Return all the data exactly, keeping the pictures out.

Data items
==============================

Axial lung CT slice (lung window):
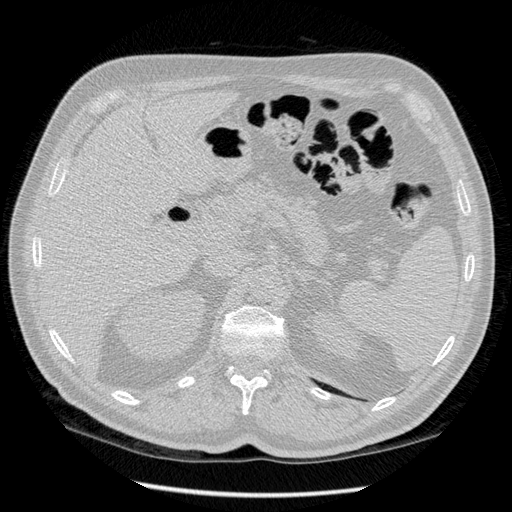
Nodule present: no
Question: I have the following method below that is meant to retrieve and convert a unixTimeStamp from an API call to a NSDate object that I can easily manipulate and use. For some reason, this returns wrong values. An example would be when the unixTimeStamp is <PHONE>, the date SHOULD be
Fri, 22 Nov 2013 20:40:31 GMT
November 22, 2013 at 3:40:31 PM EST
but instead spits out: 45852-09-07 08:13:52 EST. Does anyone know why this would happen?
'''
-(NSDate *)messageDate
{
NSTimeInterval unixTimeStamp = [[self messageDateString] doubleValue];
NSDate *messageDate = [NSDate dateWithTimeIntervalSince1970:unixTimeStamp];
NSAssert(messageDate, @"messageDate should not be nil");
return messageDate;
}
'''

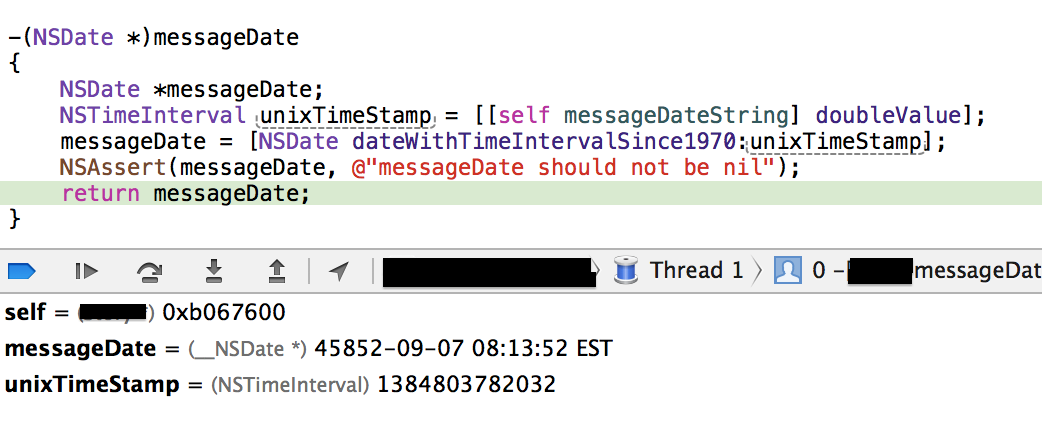
Answer: The 'messageDateString' method is returning since the epoch, not seconds since the epoch. Look at the value of 'unixTimeStamp' in your debugger pane. It's 1384803782032. That is about 1000 times too large to be a current Unix timestamp.
An 'NSTimeInterval' is measured in seconds, not milliseconds. Try this instead:
'''
-(NSDate *)messageDate {
NSTimeInterval unixTimeStamp = [[self messageDateString] doubleValue] / 1000.0;
NSDate *messageDate = [NSDate dateWithTimeIntervalSince1970:unixTimeStamp];
NSAssert(messageDate, @"messageDate should not be nil");
return messageDate;
}
'''
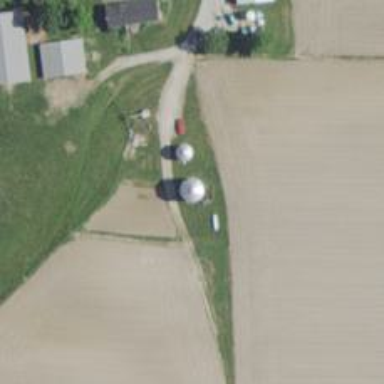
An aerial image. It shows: Silo.
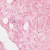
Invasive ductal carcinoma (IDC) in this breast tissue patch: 0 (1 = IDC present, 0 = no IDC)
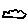
Label: cloud
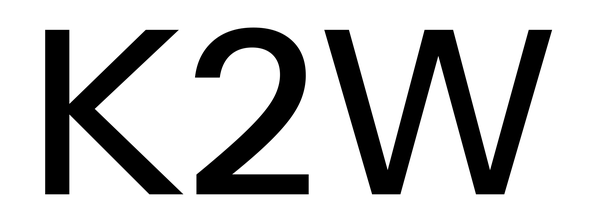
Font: InstrumentSans_Medium
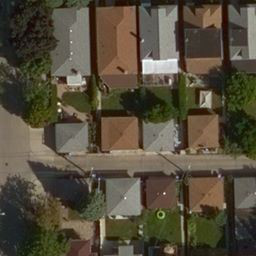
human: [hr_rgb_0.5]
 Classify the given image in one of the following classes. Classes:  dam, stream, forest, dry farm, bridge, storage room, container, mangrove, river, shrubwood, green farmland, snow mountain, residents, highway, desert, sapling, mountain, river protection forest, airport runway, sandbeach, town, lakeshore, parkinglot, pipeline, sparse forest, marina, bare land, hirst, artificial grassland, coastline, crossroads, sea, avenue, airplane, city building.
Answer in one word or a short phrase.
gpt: residents
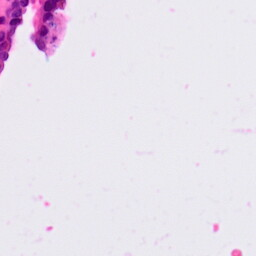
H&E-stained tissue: Lung
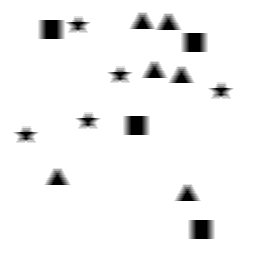
Squares: 4
Triangles: 6
Stars: 5
Total shapes: 15

==============================

[ANSWER SECTION]:
Axial lung CT slice (lung window):
Nodule present: no
Question: I have the following method below that is meant to retrieve and convert a unixTimeStamp from an API call to a NSDate object that I can easily manipulate and use. For some reason, this returns wrong values. An example would be when the unixTimeStamp is <PHONE>, the date SHOULD be
Fri, 22 Nov 2013 20:40:31 GMT
November 22, 2013 at 3:40:31 PM EST
but instead spits out: 45852-09-07 08:13:52 EST. Does anyone know why this would happen?
'''
-(NSDate *)messageDate
{
NSTimeInterval unixTimeStamp = [[self messageDateString] doubleValue];
NSDate *messageDate = [NSDate dateWithTimeIntervalSince1970:unixTimeStamp];
NSAssert(messageDate, @"messageDate should not be nil");
return messageDate;
}
'''

Answer: The 'messageDateString' method is returning since the epoch, not seconds since the epoch. Look at the value of 'unixTimeStamp' in your debugger pane. It's 1384803782032. That is about 1000 times too large to be a current Unix timestamp.
An 'NSTimeInterval' is measured in seconds, not milliseconds. Try this instead:
'''
-(NSDate *)messageDate {
NSTimeInterval unixTimeStamp = [[self messageDateString] doubleValue] / 1000.0;
NSDate *messageDate = [NSDate dateWithTimeIntervalSince1970:unixTimeStamp];
NSAssert(messageDate, @"messageDate should not be nil");
return messageDate;
}
'''
An aerial image. It shows: Silo.
Invasive ductal carcinoma (IDC) in this breast tissue patch: 0 (1 = IDC present, 0 = no IDC)
Label: cloud
Font: InstrumentSans_Medium
human: [hr_rgb_0.5]
 Classify the given image in one of the following classes. Classes:  dam, stream, forest, dry farm, bridge, storage room, container, mangrove, river, shrubwood, green farmland, snow mountain, residents, highway, desert, sapling, mountain, river protection forest, airport runway, sandbeach, town, lakeshore, parkinglot, pipeline, sparse forest, marina, bare land, hirst, artificial grassland, coastline, crossroads, sea, avenue, airplane, city building.
Answer in one word or a short phrase.
gpt: residents
H&E-stained tissue: Lung
Squares: 4
Triangles: 6
Stars: 5
Total shapes: 15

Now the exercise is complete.